+++ Records for this task
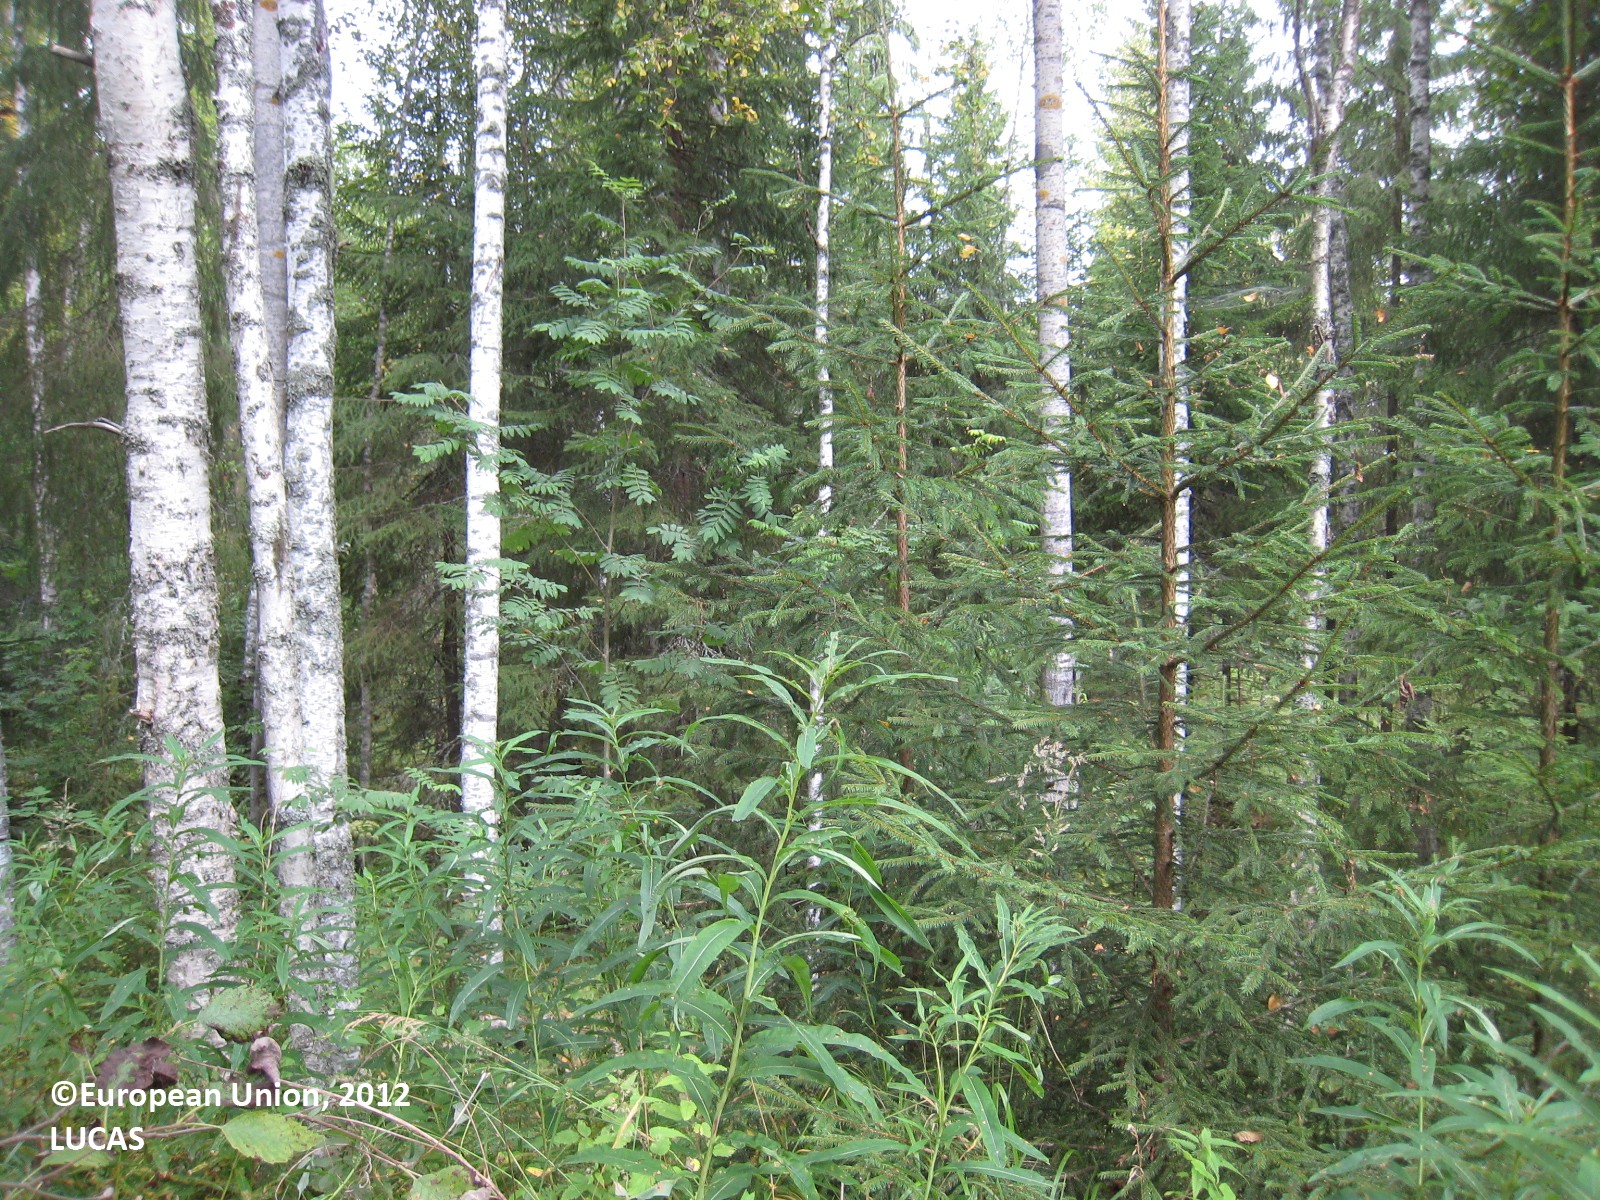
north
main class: Woodland
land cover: Spruce dominated mixed woodland
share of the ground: 50 - 75 %
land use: Forestry
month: August
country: FI
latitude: 62.3675
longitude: 27.3853
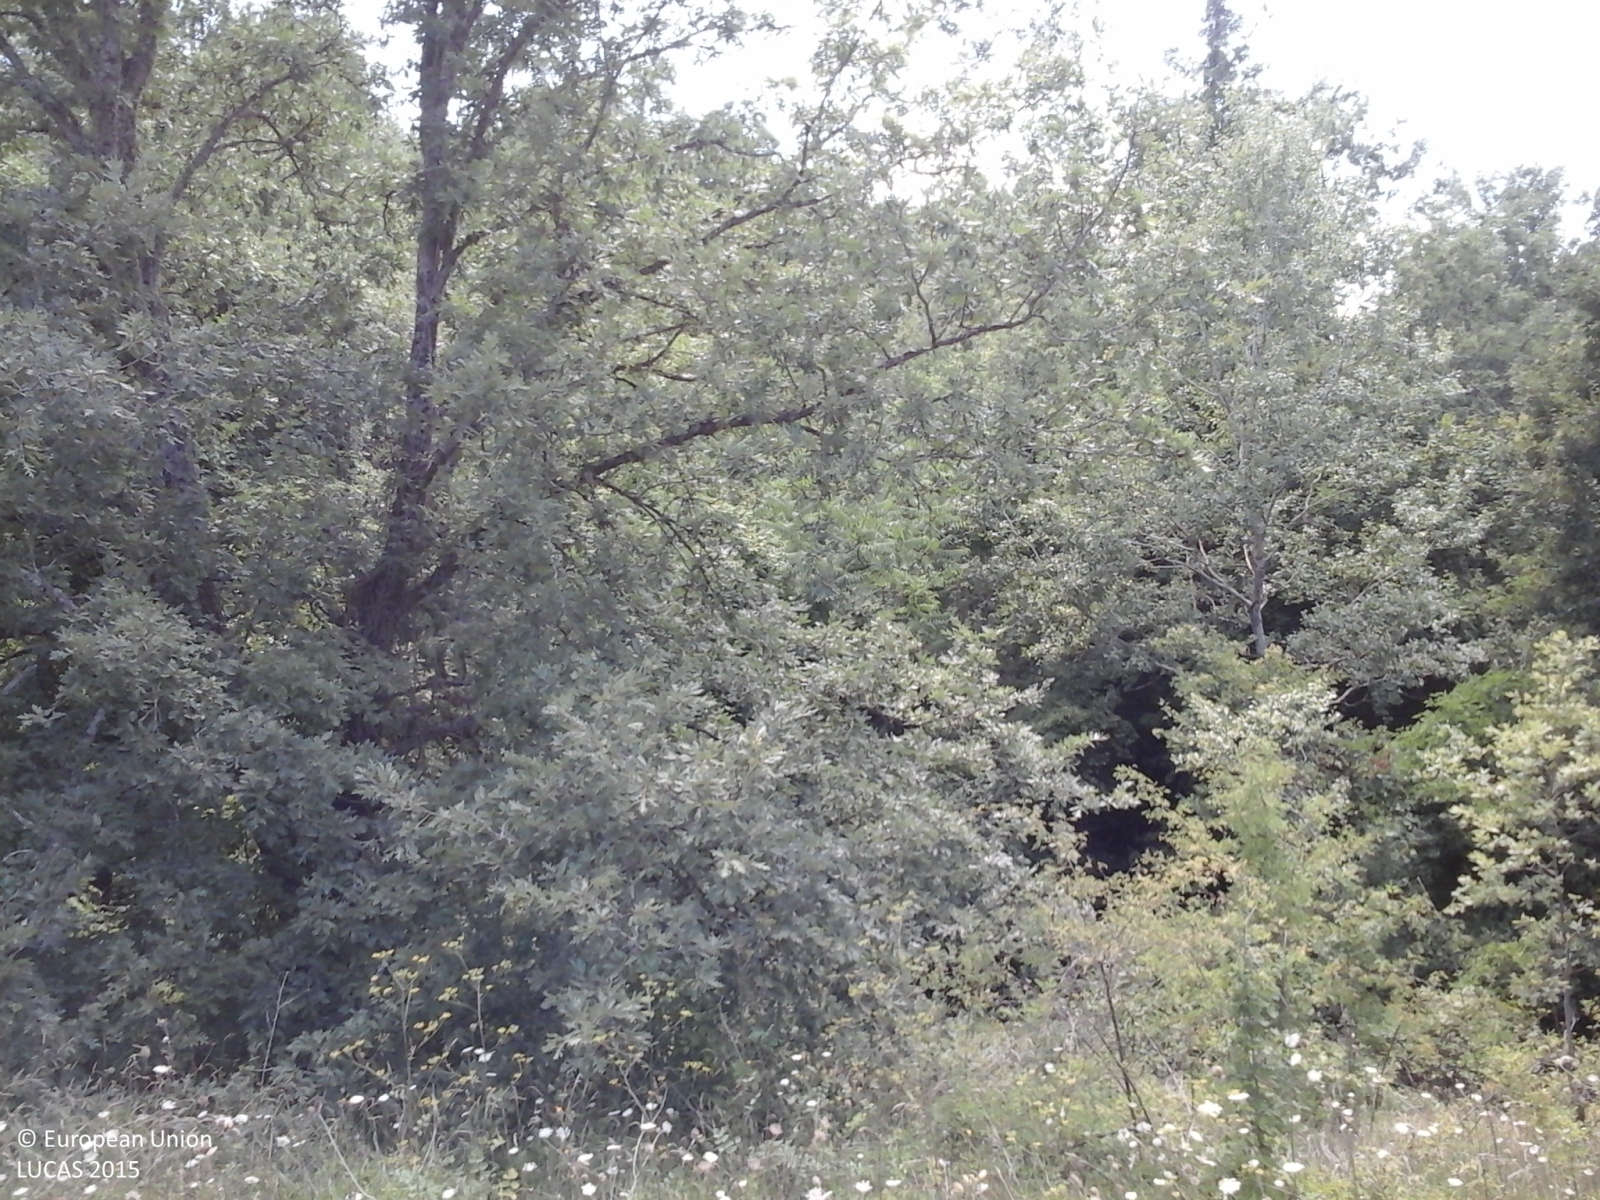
++++++
**What you need to do**. Every line from the one holding "main class: Woodland" through the end of the records above must be reproduced verbatim, pictures excepted.

**Exercise result**.
main class: Woodland
land cover: Spruce dominated mixed woodland
share of the ground: 50 - 75 %
land use: Forestry
month: August
country: FI
latitude: 62.3675
longitude: 27.3853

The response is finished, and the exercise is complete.